The Only Child – a short story

Julie watched impassively as Lorraine played. She sang quietly to herself, a song from The King and I, or South Pacific, absorbed during an interminable Sunday afternoon’s detached viewing of her parent’s favourite films. Usually the lonely Sunday afternoon would start with roast dinner and afterwards the three of them would retire to the living room to watch the Sunday afternoon film.

Lorraine’s thick blonde hair, smelt of roast chicken flavour crisps, and was always wet from being chewed, swayed as she sang.

Yesterday, Julie had climbed up onto the window frame and watched Lorraine waltzing up the road, swinging round a lamppost, deep in a reverie of her own secret world. Once, Lorraine and Julie and their friends had had their photo taken for the local paper. Lorraine kept the photo in an envelope in the bottom drawer. She wasn’t allowed to stick anything on the walls, as doing so would ruin the wallpaper.

In the evening, sometimes Julie and Lorraine would lie together on the pink Brentford nylons counterpane and watch the shadows cast themselves over the shiny walnut of the wardrobe. Lorraine told Julie that the shady shape was her paternal Grandmother’s ghost. Granddad had made the wardrobe, during his days as a fiery carpentry Union leader. Lorraine confided to Julie that she had never known her grandparents, that they had died before she was born. She imagined their presence protecting her from beyond the grave. At night, as she tried to sleep at 6pm with the curtains barely blocking the light of a late summer evening, she shut her eyes tightly and envisaged a mediaeval castle floating in a dark starry sky, where Jesus and her grandparents benignly looked down upon her.

Julie was happy to be a terrestrial support for Lorraine, as much as she could. One summer’s day by the seaside, Julie had even been able to save Lorraine’s life. She had only been about 3 years old at the time, and wandered off to paddle by the breakwater. Little did she know that the sea on the other side of the breakwater was a lot deeper than on the side where she was paddling?

As she plunged into the translucent green light, her first thought was that surely the sea was blue? The sky and the sea were meant to be blue, and the sun a yellow ball. Pushing upwards with her face against the pressure of the sea, she looked upwards to see a black and white panda floating on the surface. Lorraine’s first instinct, with an already nascent sense of responsibility kicking in, was to save Julie’s life first. Somehow, she propelled herself to the surface, kicking wildly, gasping for air as she surfaced, wrapped her arm around Julie’s neck and swam to the shore, where a nice man was waiting to help her. At some point, her parents must have been alerted to her fate. What had they been doing? Where were they when she needed them?

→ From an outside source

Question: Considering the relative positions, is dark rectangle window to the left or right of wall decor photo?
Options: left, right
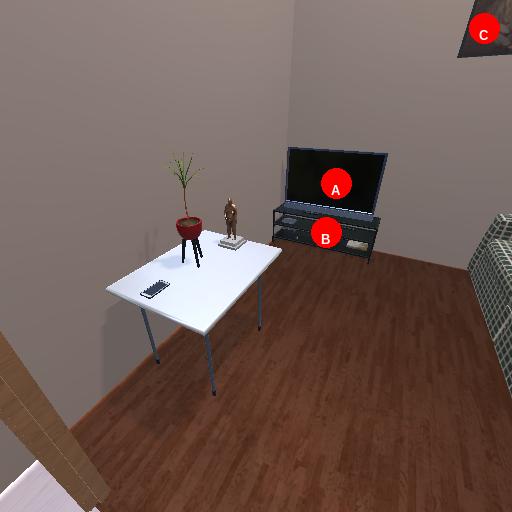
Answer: left
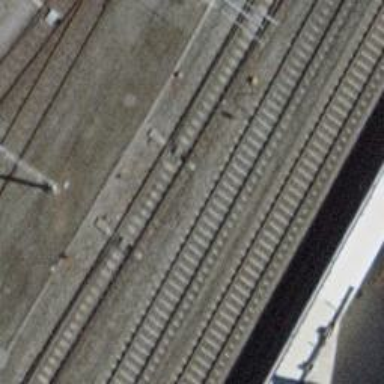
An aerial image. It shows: Railway switch.
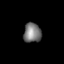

All the way home, sitting on the wiry back seat of the Carmen Ghia (meant for two passengers only) that scratched at her eczema on the back of her knees, Lorraine stared at a green Clark’s shoe box. Surely the sea was meant to be blue? What else was not real in the world that she had yet to discover?

Today Julie sits behind the white linen Ikea bedroom curtain, on the windowsill, watching the children playing in the garden. Her black and white fur is a little worn now, but her beady button eyes shine as bright as ever. The youngest loves Julie, because she saved her Mummy’s life.

Lorraine still lies on the bed, drinking tea after a hot bath. Even now, she still disappears into the reverie of her own private world. She tries to read but can’t fix her mind on any one point in the story. Sometimes, she will stare as the trees sway outside the window, buffeted by the autumn breeze. An hour will pass, without her noticing. She won’t answer the phone or the door, but listen to soft, lilting music, birdsong, and waves lapping on the shore.

She reflects that overall she has been successful, achieved more than most kids. Overachieved even. At what cost? System overload. Teddies and imaginary friends don’t help you deal with the hustle and bustle; the political and emotional cut and thrust of the Real World.

She learnt on her own, in the uncontrolled environment of the Real World, with no parents to referee. Now it was time to release control to just be. Lorraine turned onto her side and pulled the quilt up around her and reflected as she had done many times before;

“There hasn’t been a day of my life when I haven’t wished for a brother or sister.”